How do you expose ports in Docker?

Ports are exposed using the -p flag during docker run, e.g., docker run -p 8080:80 nginx. This maps port 8080 on the host to port 80 inside the container.

What is the purpose of Docker volumes?

Docker volumes persist data generated by containers. They allow sharing data between containers or between the host and containers, ensuring data durability.

What is the COPY instruction in a Dockerfile?

The COPY instruction copies files or directories from the host filesystem into the Docker image. Example: COPY ./app /app.

What is the purpose of Docker networking?

Docker networking allows containers to communicate with each other or the external world. Docker provides different network drivers like bridge, host, and overlay.

How do you restart a stopped container?

Use the docker start <container_id> command to restart a stopped container. Use docker restart for a running container.

What is the difference between ENTRYPOINT and CMD in a Dockerfile?

Both define default commands for a container. ENTRYPOINT is the main command and is less flexible, while CMD provides default arguments that can be overridden.

What are the common Docker network types?

Docker provides the following network types:

Bridge: Default network for containers on a single host.
Host: Shares the host’s network namespace.
None: No networking for the container.

How do you clean up unused Docker objects?

Use the docker system prune command to remove unused containers, images, networks, and volumes.

What is the purpose of the docker exec command?

The docker exec command runs a command inside a running container. For example, docker exec -it <container_id> bash starts an interactive bash session.

Hard Questions

How does Docker handle isolation between containers?
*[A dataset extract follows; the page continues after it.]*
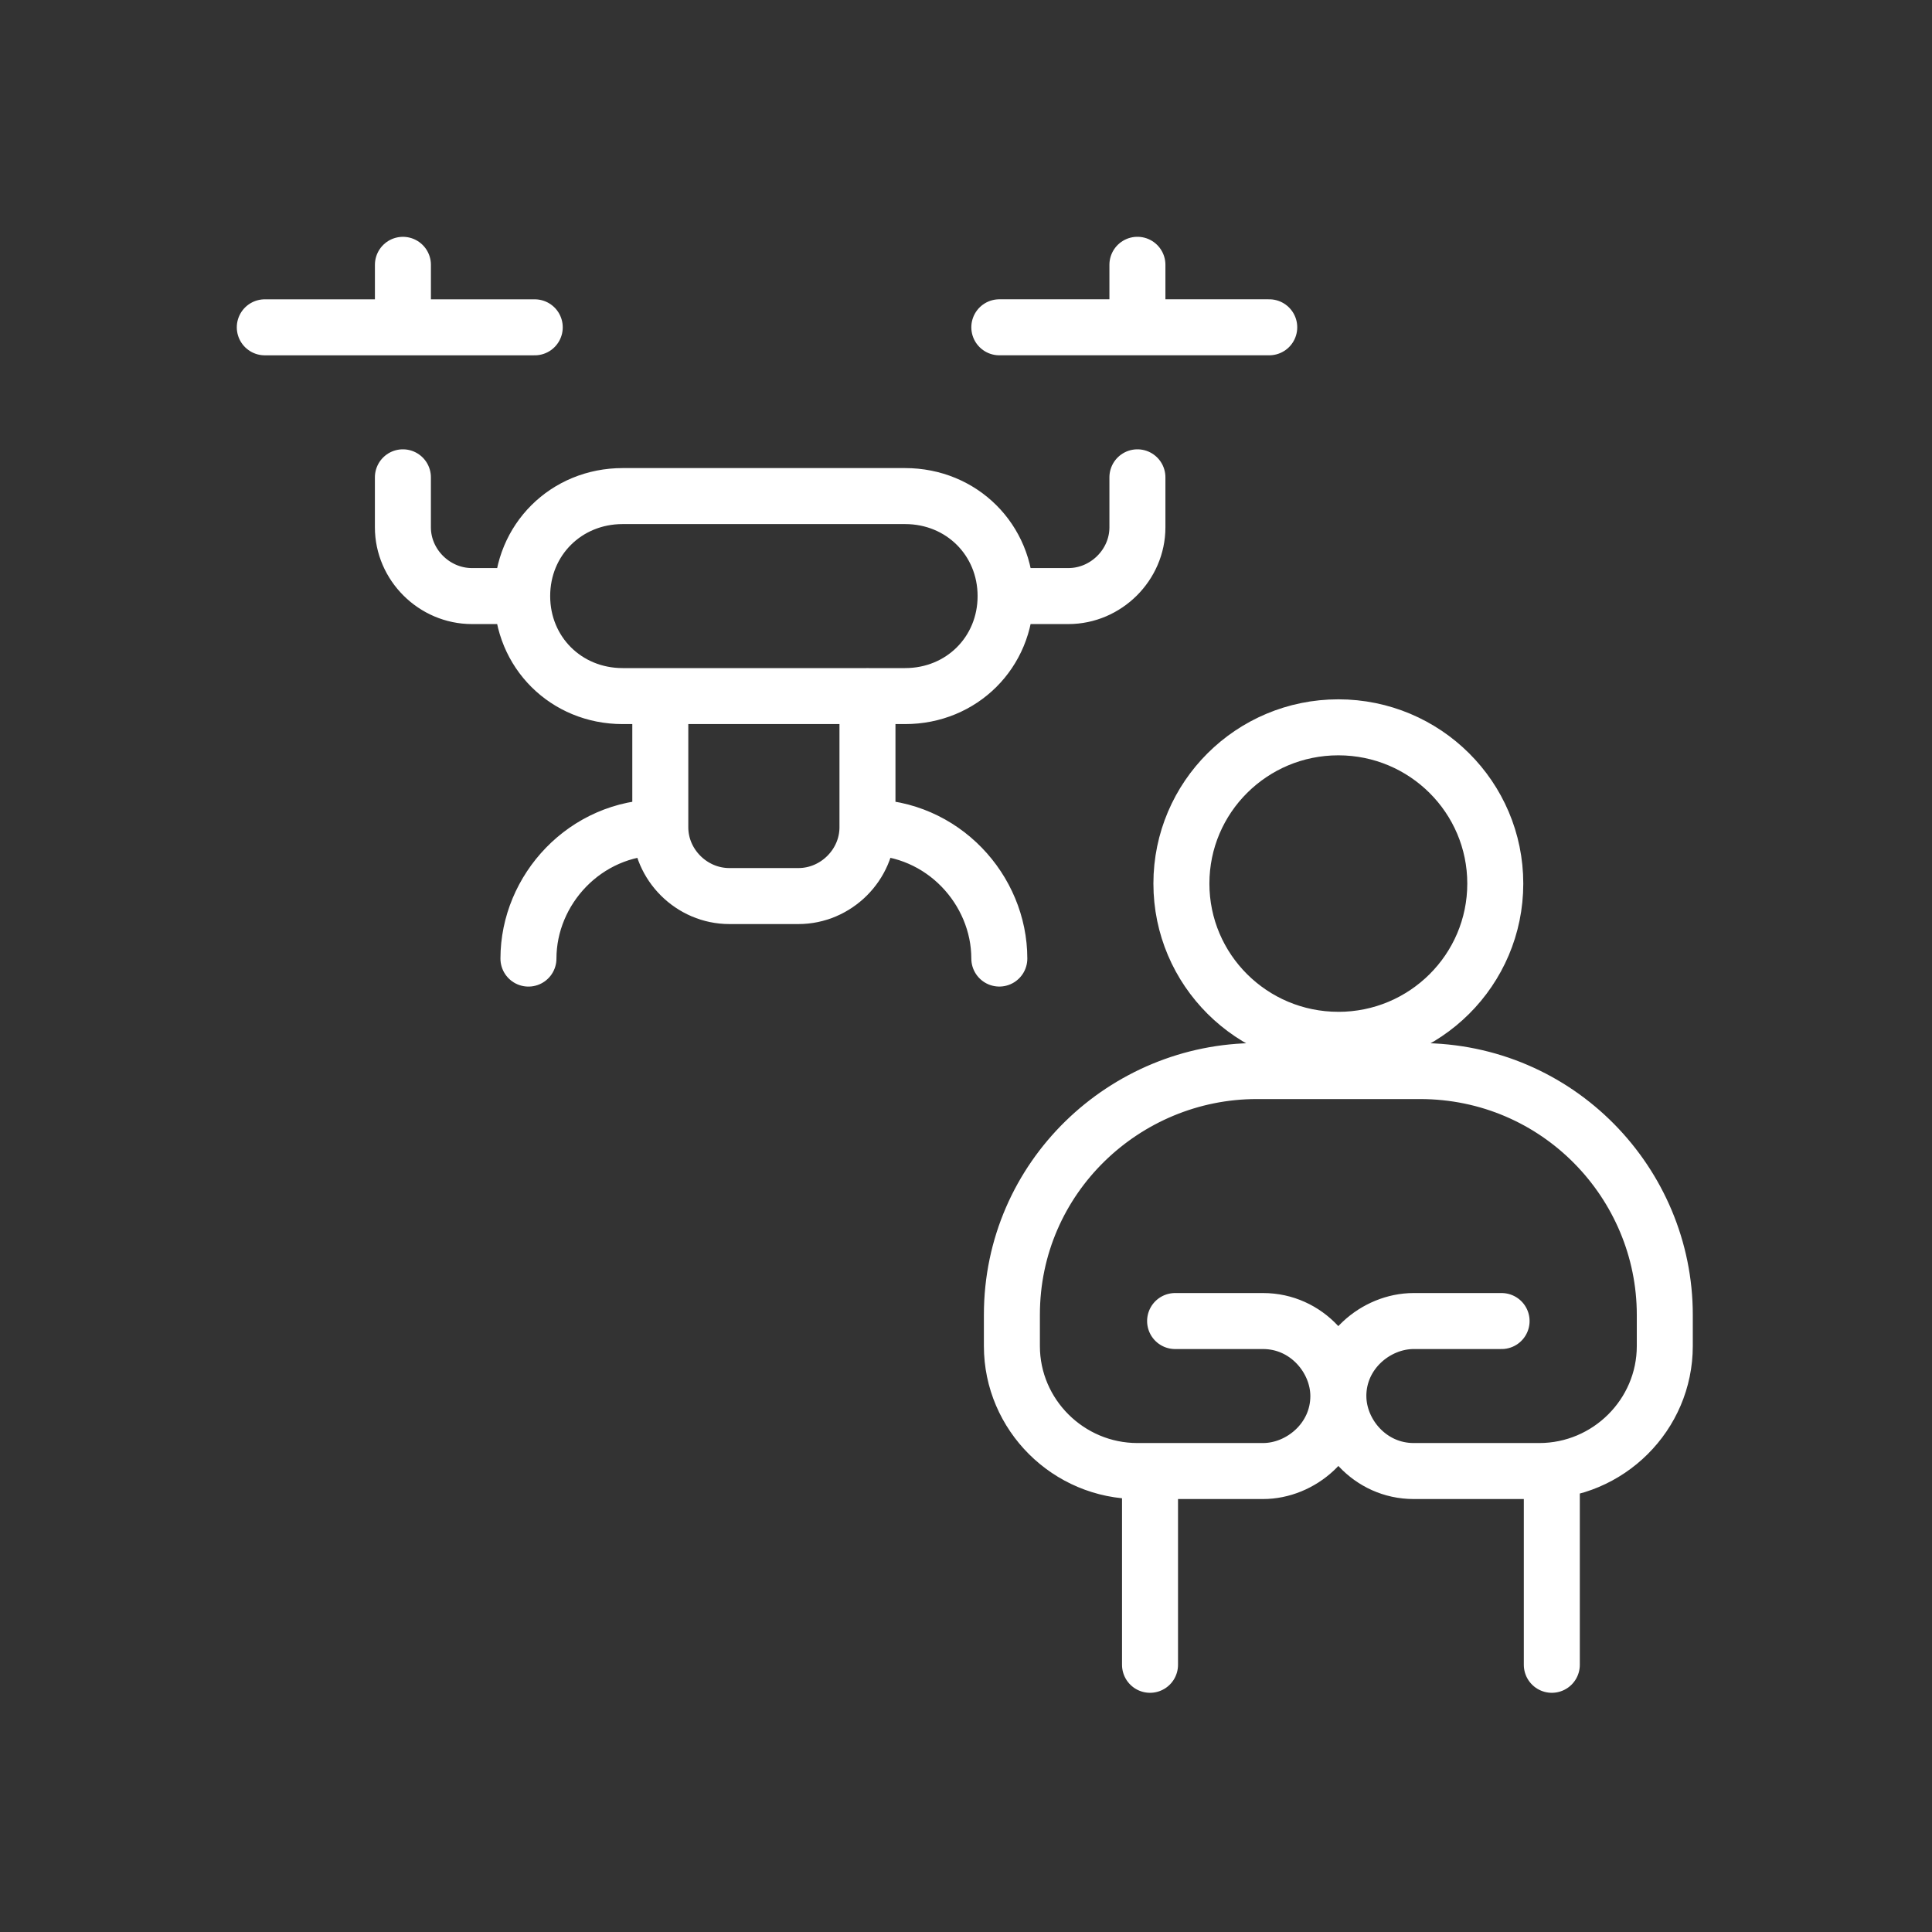 <svg xmlns="http://www.w3.org/2000/svg" width="69" height="69" fill="none"><rect width="100%" height="100%" fill="#333333" stroke="none"/><path stroke="#fff" stroke-linecap="round" stroke-linejoin="round" stroke-width="2" d="M41.968 47.18h3.14c1.569 0 2.69 1.34 2.69 2.679m0 0c0 1.562-1.345 2.678-2.69 2.678h-4.485c-2.466 0-4.484-2.008-4.484-4.464v-1.116c0-4.91 4.036-8.705 8.744-8.705h5.83c4.933 0 8.744 4.017 8.744 8.705v1.116c0 2.456-2.018 4.464-4.484 4.464h-4.484c-1.57 0-2.69-1.339-2.69-2.678Zm0 0c0-1.563 1.345-2.679 2.69-2.679h3.14m-12.556 5.357v6.92m14.35-6.942v6.942M35.69 11.689h9.64m-4.708-2.232v2.232m-9.641 13.17v4.687m0 0c0 1.34-1.121 2.456-2.466 2.456h-2.467c-1.345 0-2.466-1.116-2.466-2.456m7.399 0c2.69 0 4.709 2.233 4.709 4.688m-12.108-4.688V24.86m0 4.687c-2.69 0-4.709 2.233-4.709 4.688m17.04-12.947h2.243c1.345 0 2.466-1.116 2.466-2.455v-1.786m-4.708 4.241c0 2.01-1.57 3.572-3.588 3.572h-10.09c-2.017 0-3.587-1.563-3.587-3.572m17.265 0c0-2.008-1.57-3.571-3.588-3.571h-10.09c-2.017 0-3.587 1.563-3.587 3.571m0 0h-1.794c-1.345 0-2.466-1.116-2.466-2.455v-1.786m4.709-5.357H9.457m4.933-2.232v2.232m33.408 25.447c3.096 0 5.605-2.499 5.605-5.58 0-3.083-2.51-5.581-5.605-5.581-3.096 0-5.605 2.498-5.605 5.58s2.51 5.58 5.605 5.58Z"/></svg>

Docker uses Linux namespaces for isolation (process, network, and mount) and cgroups for resource allocation and control. This ensures containers are isolated yet lightweight.

What are multi-stage builds in Docker?

Multi-stage builds allow using multiple FROM instructions in a Dockerfile to create lightweight images by copying only the necessary artifacts from build stages. This reduces image size.

How do you troubleshoot a failing container?

Check container logs using docker logs <container_id>, inspect configuration with docker inspect, and access a shell in the container with docker exec.

What is the difference between docker-compose up and docker-compose run?

The command docker-compose up starts all services defined in the Compose file, while docker-compose run starts a single service. The latter does not rebuild dependent services.

How do you secure Docker containers?

Use minimal base images.
Run containers as non-root users.
Restrict network access.
Regularly update images and dependencies.

What is the ONBUILD instruction in Dockerfile?

The ONBUILD instruction triggers instructions in child images during their build. It’s useful for base images that other images extend.

How do you monitor resource usage of Docker containers?

Use the docker stats command to view real-time CPU, memory, and I/O usage. Alternatively, integrate with monitoring tools like Prometheus and Grafana.

What is a dangling Docker image?

Dangling images are unused images with no tags. These are intermediate images created during builds and can be removed using docker image prune.

How do you limit resources for Docker containers?

Use flags like --memory and --cpus in the docker run command to set memory and CPU limits, e.g., docker run --memory="500m" --cpus="1.0" nginx.

How does Docker Swarm differ from Kubernetes?

Docker Swarm is Docker’s native orchestration tool, simpler to set up but less feature-rich. Kubernetes is more complex and provides advanced features like auto-scaling and custom resource definitions.